屋久島には1月中旬に咲き始めるカンヒザクラ、2月下旬から里の一部に咲くソメイヨシノ、3月上旬から山肌を彩るヤマザクラなどの桜が自生しており、開花とともに季節の訪れを告げる。中でも3月下旬から4月中旬、白谷雲水峡の太鼓岩は人気の花見スポット。九州最高峰の宮之浦岳など島の名山を背景に、眼下に広がるヤマザクラと新緑の景色は、それを目的に島を訪れる人もいるほど。

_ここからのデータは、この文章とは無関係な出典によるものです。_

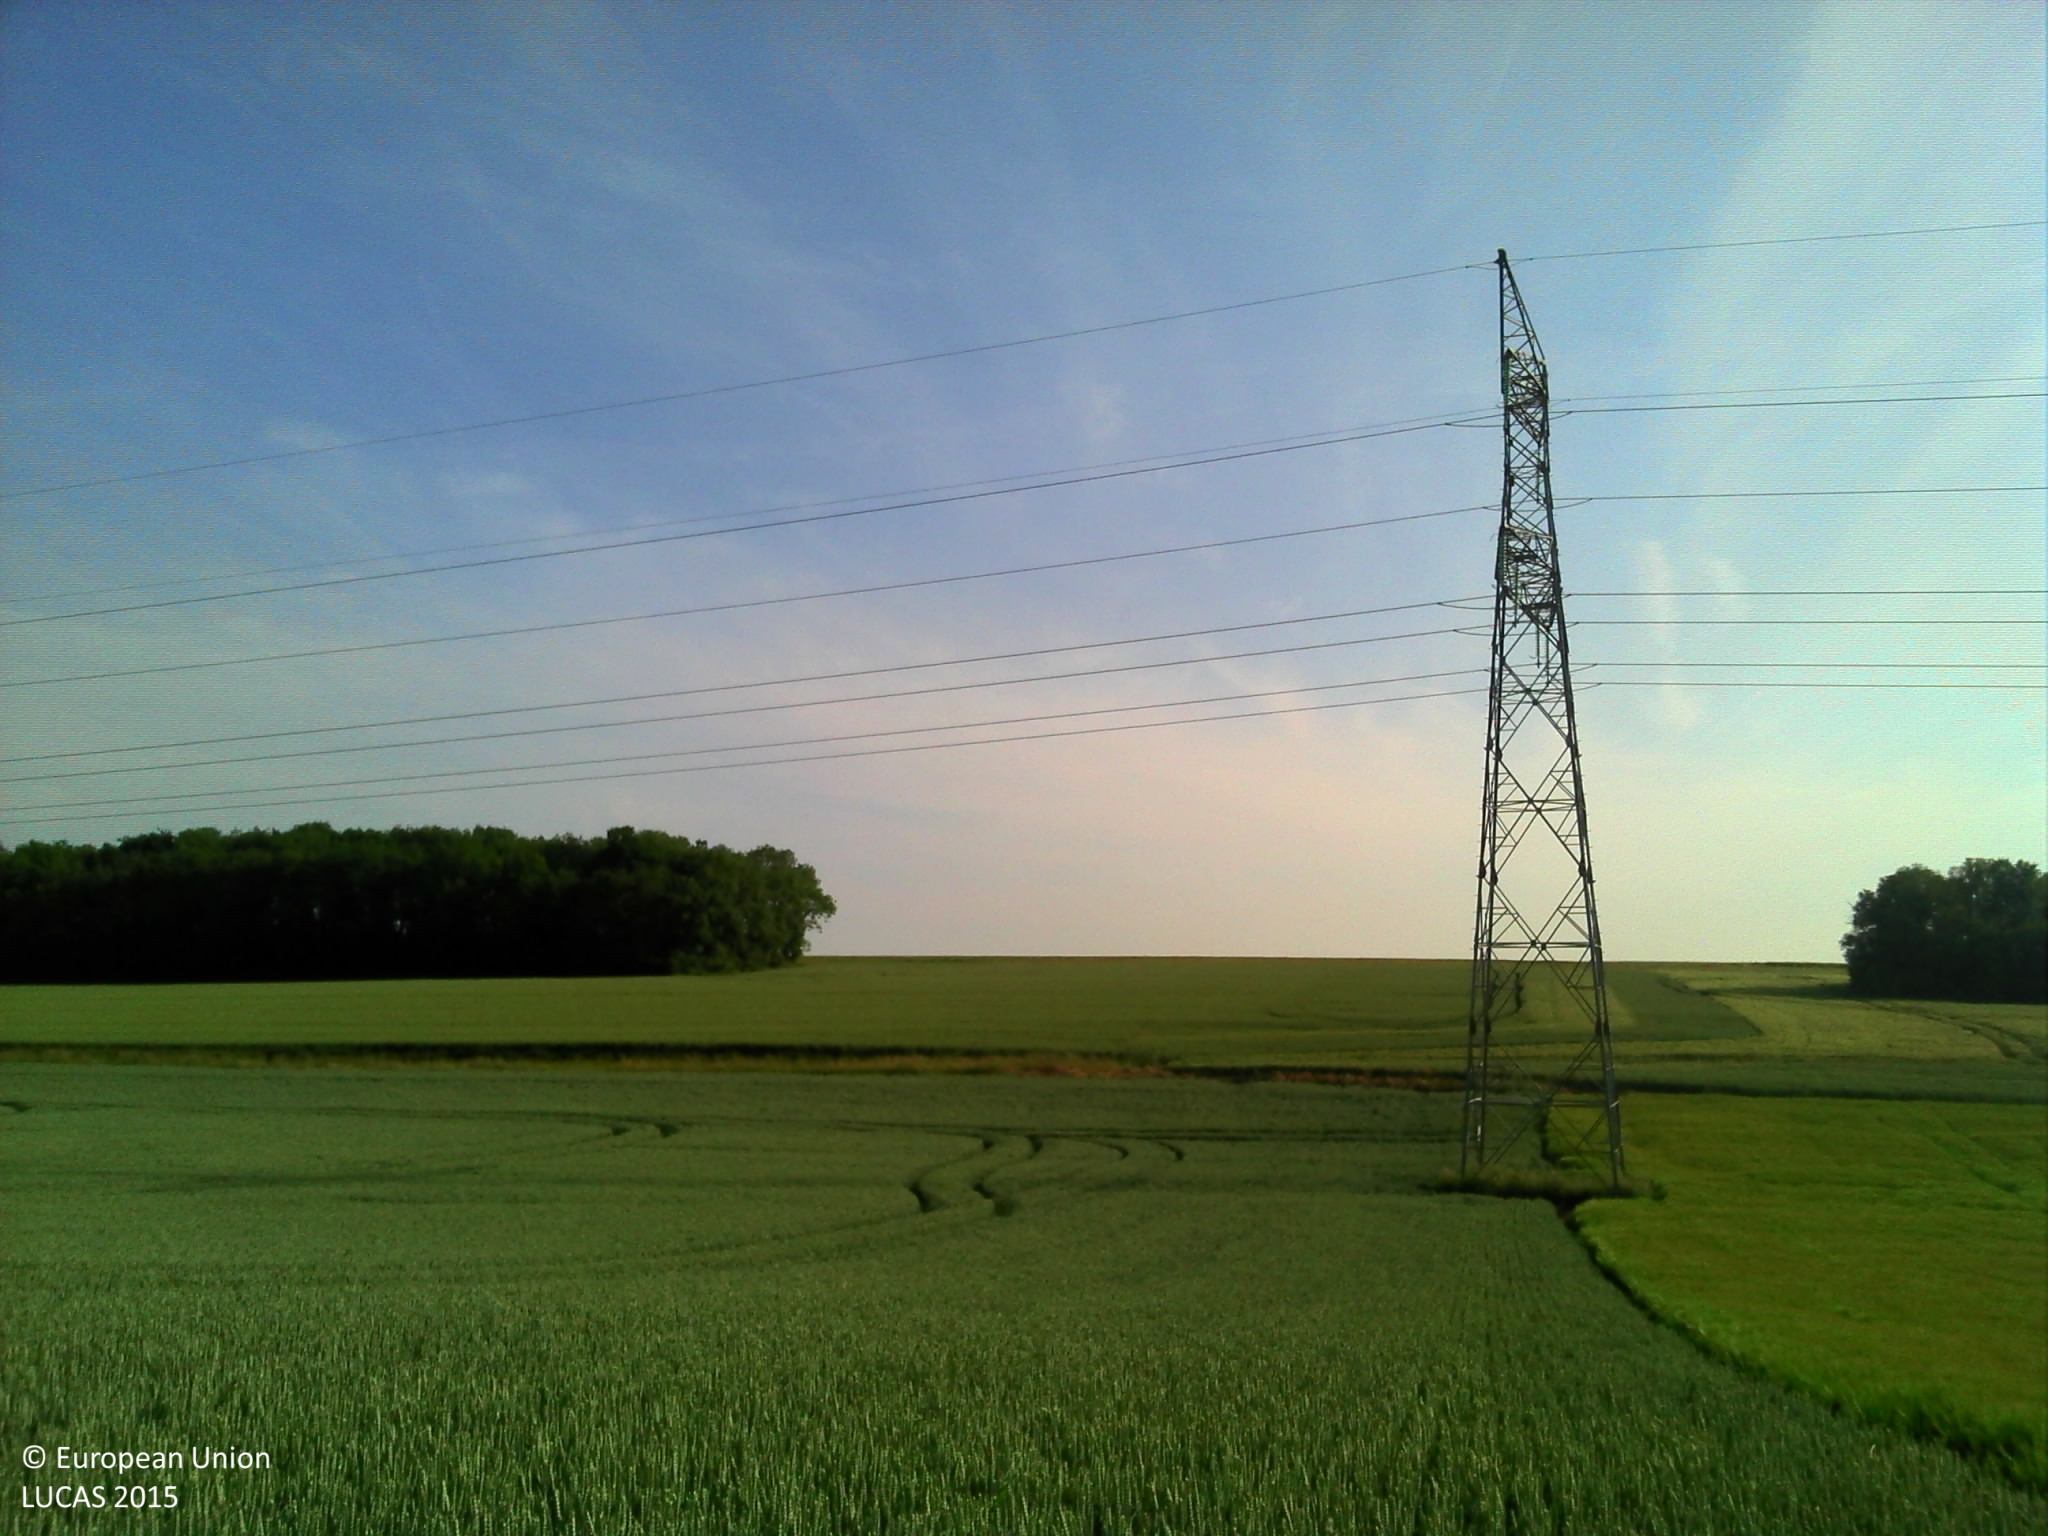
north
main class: Cropland
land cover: Common wheat
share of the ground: > 75 %
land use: Agriculture (excluding fallow land and kitchen gardens)
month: June
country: FR
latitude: 49.4690
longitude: 2.5228
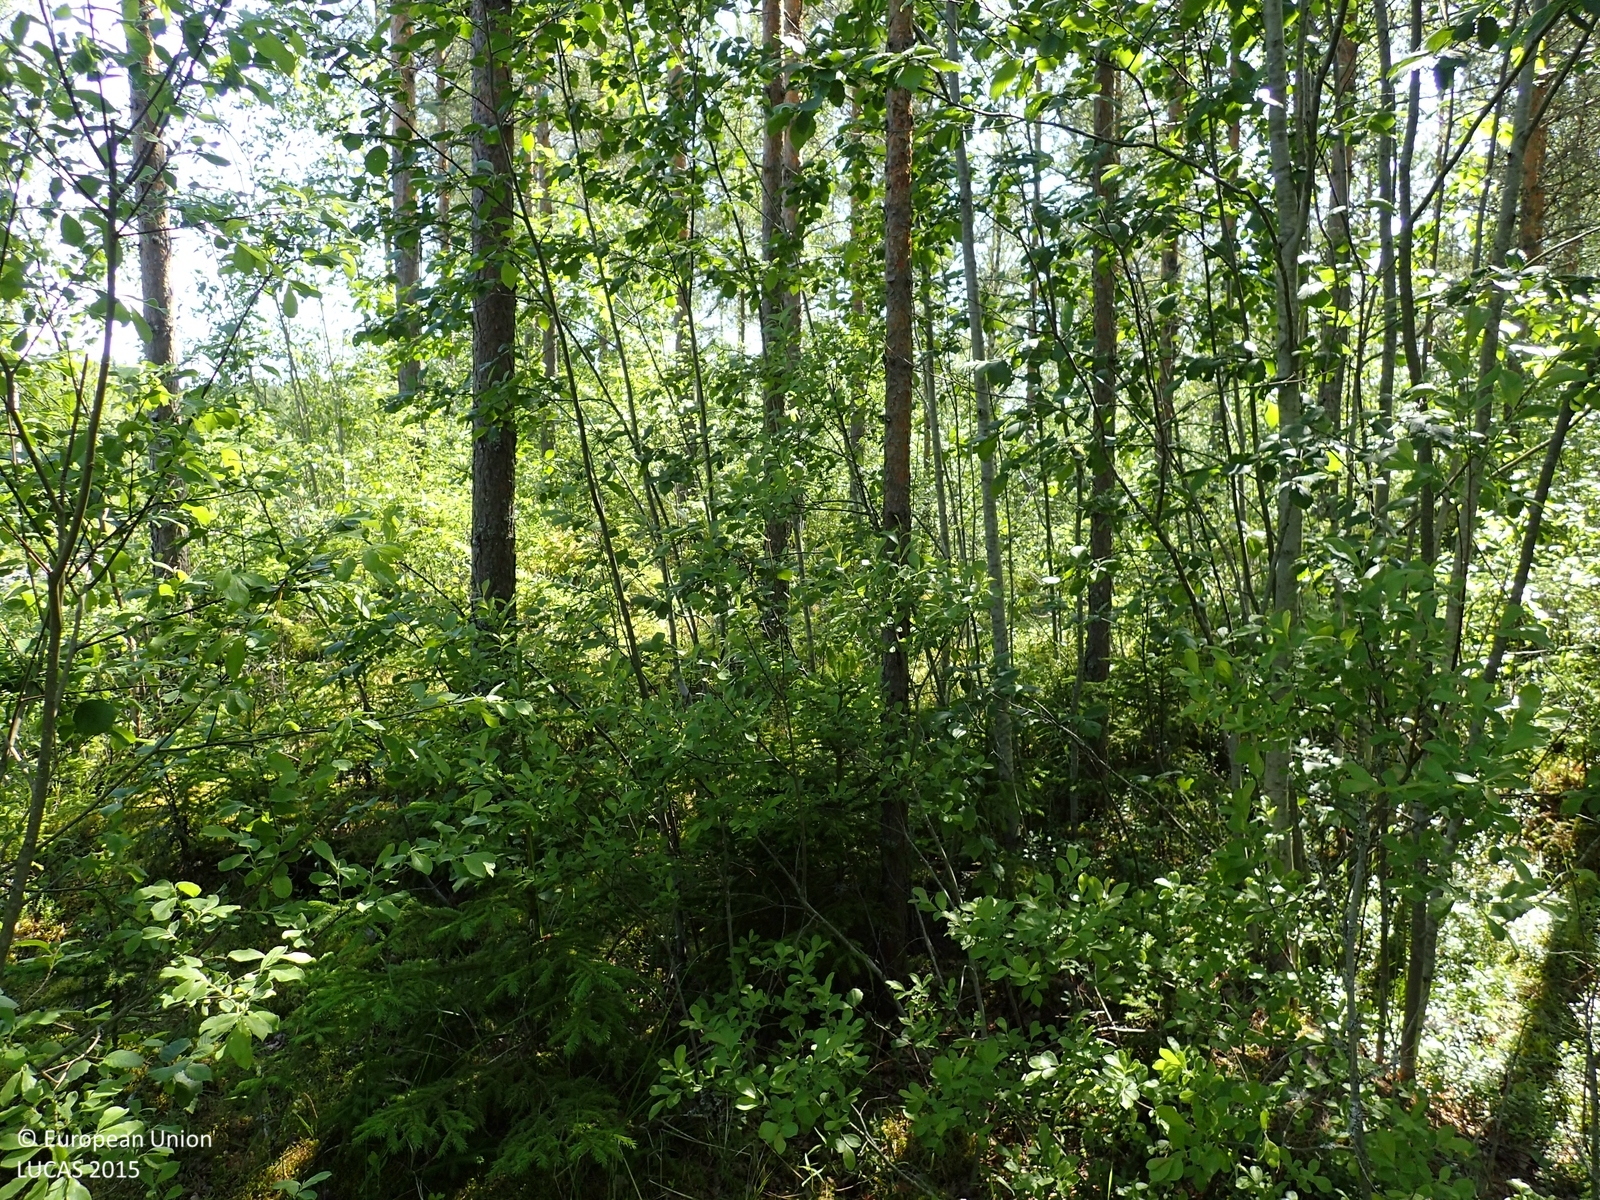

ヤマザクラは標高が低い所から咲き始め、桜前線は約1カ月かけて徐々に標高1000メートルほどまで上昇する。その間は白谷雲水峡線やヤクスギランド線などの道路沿いで、花見を楽しむことができる。宮之浦や志戸子などの集落から山を見渡すと、緑の中が所々ピンクに色づいており、ヤマザクラが咲いているのが分かる。
屋久島アウトドアガイド島結の代表・笹川健一さんは「ヤマザクラはソメイヨシノと異なり、開花の時に若葉が開くのが特徴。今年は暖冬だったが、3月に気温が下がった日もあったため、例年と比べてまばらに開花している。縄文杉登山道のトロッコ道など、山間部も一部開花している。強風や大雨の日がなければ、見頃は長くなりそう」と話す。
「ヤマザクラが終わっても、しばらくはヤクシマオナガカエデの新緑がきれいなので、新緑の美しさを味わうだけでも春を感じられる」と見どころを伝える。